Long-term salinity observations in the Southern Ocean have revealed changes over the past decades, which are among the most pronounced in the global ocean6,8,16,18. However, the source of these changes has remained a conundrum. Salinity observations alone are not able to delineate the different elements involved in the freshwater cycle in the Southern Ocean. Here, in addition to salinity, we use δ18O observations and focus on surface water properties in the Indian sector of the Southern Ocean between 1993 and 2021 during summer months (December to February).
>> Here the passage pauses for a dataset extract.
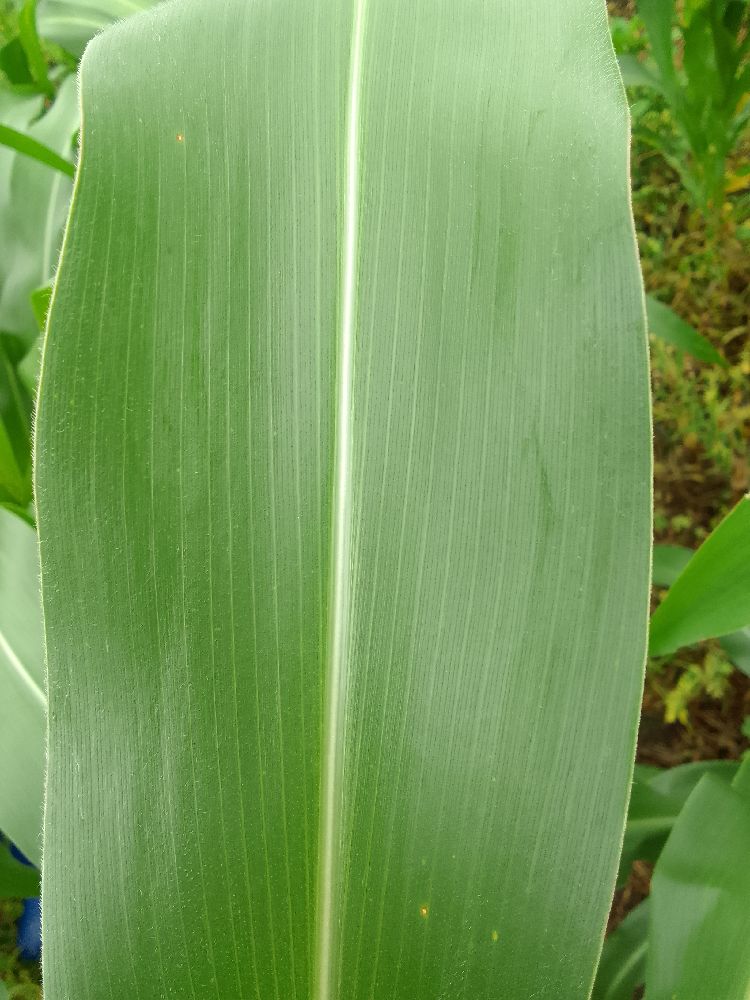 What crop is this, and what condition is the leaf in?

maize, healthy
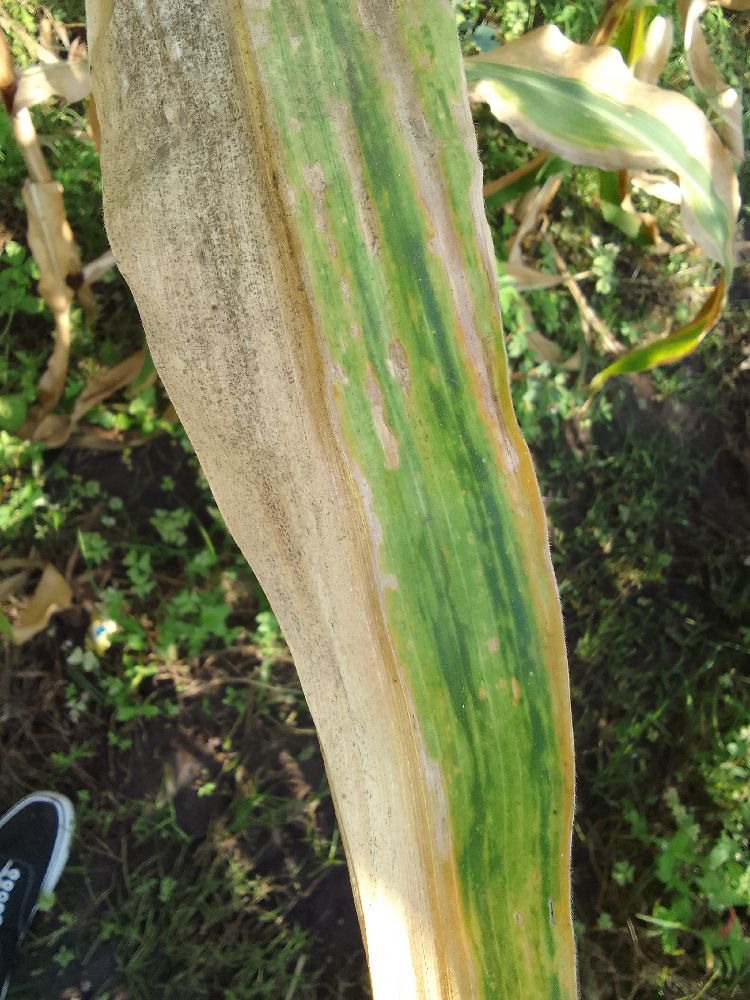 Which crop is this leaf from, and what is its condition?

maize, maize lethal necrosis

We investigate the changes in two sectors, south and north of \(\widetilde{lat}\) 46S, which corresponds to the northern branch of Subantarctic Front (SAF-N) of the ACC33, separating Antarctic Surface Waters in the south from Subtropical Surface Waters in the north. We attempt to minimize the aliasing of spatial variability by splitting measurements based on their respective dynamical region, as estimated by the climatological mean dynamic topography. We report a multidecadal salinification in the northern region of 0.06 ± 0.07 g kg−1 per decade, associated with an increasing δ18O of 0.03 ± 0.04‰ per decade from 1993 to 2021. In contrast, the southern sector is freshened by −0.02 ± 0.01 g kg−1 per decade, and δ18O decreased at a rate of −0.01 ± 0.02‰ per decade from 1993 to 2021. These results are consistent with the latest IPCC report that assessed with high confidence that human-induced climate change has driven detectable changes in the global water cycle since the mid-20th century, with enhanced contrasts in P-E patterns over the oceans, which are projected to continue in a warmer world41. We demonstrate that the observed surface ocean changes result from an acceleration of the hydrological cycle between 1993 and 2021, with a decrease in P-E of −71 ± 47 mm yr−1 per decade in the subtropical sector, contrasted by an increase in P-E of 33 ± 11 mm yr−1 per decade in the subpolar sector. Our multidecadal trend estimates are based on a mean isotopic composition of precipitation of −7 ± 2‰ in the northern sector and −11 ± 3‰ in the southern sector, consistent with previously reported estimates and their associated errors42 reported in Table 1 and taken into account in the equation solutions.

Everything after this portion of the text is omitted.